2018/2019

2018/2019

DM270

MAT/08 (NUMERICAL ANALYSIS)

DEPARTMENT OF ELECTRICAL,COMPUTER AND BIOMEDICAL ENGINEERING

BIOENGINEERING

Tecnologie per la salute

1°

1st semester (01/10/2018 - 18/01/2019)

6

56 lesson hours

Italian

WRITTEN AND ORAL TEST

PAVARINO LUCA FRANCO (titolare) - 6 ECTS

Differential and integral calculus for function of many variables, vector calculus, matrices. MATLAB programming

The course is divided in two parts. DYNAMICAL SYSTEMS: theory and numerical methods (6CFU) and FINITE ELEMENT METHOD AND APPLICATIONS (3CFU).

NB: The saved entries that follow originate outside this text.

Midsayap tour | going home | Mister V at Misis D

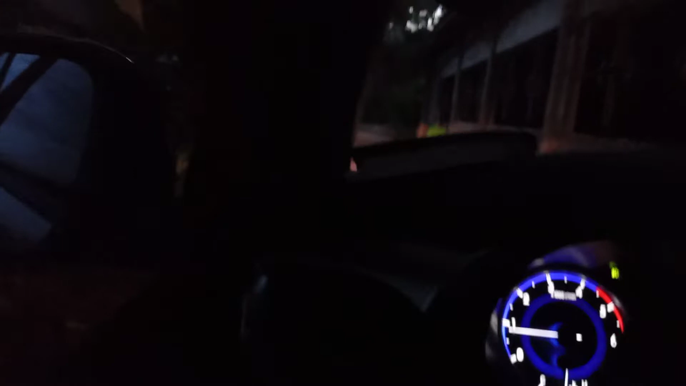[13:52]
Okay. Masunod na ta. May bisiklita. Saan yung matuhan ang mga bisiklita? May paindalan.
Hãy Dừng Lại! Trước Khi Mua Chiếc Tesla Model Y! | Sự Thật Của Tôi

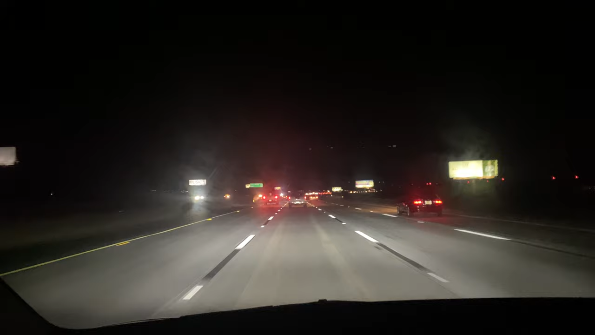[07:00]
Gọi là phantom braking là ban đêm mình chạy như là mình chạy trên freeway đi ha. Mình cứ để chiếc xe nó tự động chạy thì tự nhiên ngon lành, tự nhiên nó thắng.
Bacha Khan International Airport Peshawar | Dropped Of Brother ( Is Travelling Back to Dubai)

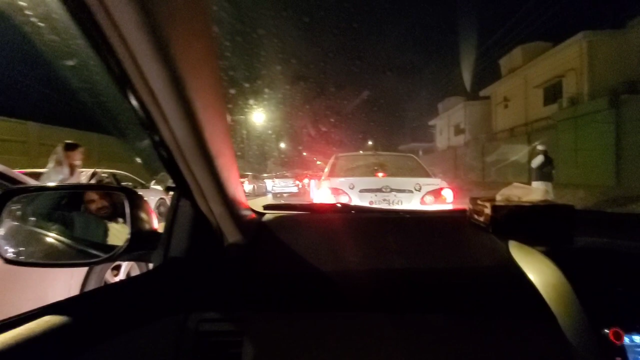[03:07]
انلی لائک 3 کلومیٹر کے اندر اندر تھے
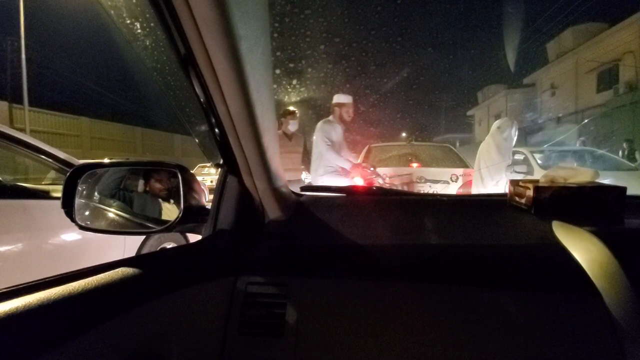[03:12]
سراؤنڈنگز میں جو یہاں کا باچا خان انٹرنیشنل ائرپورٹ ہے لیکن جہاں سے جاتے ہیں رستہ بند ملتا ہے بھی رستہ تو یہ اوپن ہے لیکن لیٹسی دیکھیں کیا ہوتا ہے

The first part of the course introduces the main concepts related to qualitative and quantitative study of solutions of ordinary differential systems providing the main analytical and numerical methods for the investigation of the dynamics of mathematical models and the critical interpretation of the numerical results.

DYNAMICAL SYSTEMS: theory and numerical methods.
The course is an introduction to the solvability of initial value problem for ordinary differential systems and to the investigation of the qualitative properties of solutions and of equilibrium points with their asymptotic behaviour. The course develops the numerical methods for the numerical simulation of dynamical systems with applications to population dynamics and bistable models.

FINITE ELEMENTS METHODS AND APPLICATIONS
The course introduces the basic notions of the Finite Element Method and its theoretical grounds. Moreover, the practical part of the course will be devoted to the implementation of a MATLAB solver for elliptic problems in two dimensions.

DYNAMICAL SYSTEMS: theory and numerical methods
Basic notion of linear algebra and analysis
Vectorial spaces, matrices, eigenvalues, eigenvectors, linear differential equations, differential and integral calculus, vectorial Taylor series.
Introduction to initial value problems for ordinary differential equations
Local and global solvability, continuous dependence on the initial data, parameters and right hand side perturbations
Asymptotic Stability
Stability of solutions and of equilibrium points. Linear systems. Stability of the linear autonomous systems based on the spectral abscissa. Nonlinear system: linearization. Nonlinear system: Liapunov function. Two dimension linear system and global analysis of the phase plane.
Basic notions of numerical analysis
Polynomial interpolation and remainder terms. Numerical integration: Newton-Cotes formulae and Gausian quadrature. Functional iteration for a system of nonlinear equations: explicit iteration scheme and Newton method.
Numerical methods for ordinary differential systems
One step methods: consistency, zero-stability and convergence. Runge-Kutta methods based on numerical quadratures, Runge-Kutta methods based on collocation methods. Linear multistep methods: consistency, zero-stability and convergence. Adams Bashforth and Moulton methods, Predictor-Corrector methods, backwords differentiation formulae. Estimators of the local discretization error and adative strategy of the time step. Test problems and region of absolute stability. Stiff problems.
Introduction to bifurcation involving fixed points and limit cycles in biological systems.
Analysis and Simulation of dynamical systems: Lotka-Volterra model, FitzHugh-Nagumo model.

Frontal lectures +
programming labs using MATLAB and xppaut

F. Verhulst. Nonlinear differential equations and dynamical systems. Springer-Verlag,Heidelberg, 2006.
R. Mattheij, J. Molenaar. Ordinary differential equations in theory and practice. SIAM, Philadelphia, 2002.
A. Quarteroni, R. Sacco, F. Saleri. Matematica Numerica. Springer 3ra ed., 2008.
M. Crouzeix, A.L. Mignot. Analyse Numeriques des Equations Differentielles. Masson, Paris 1984.
A.M. Stuart , A.R. Humphries. Dynamical Systems and Numerical Analysis. Cambridge University Press 1998.

Written examination with possible oral exam with discussion and interpretation of the models and simulations developed in the course.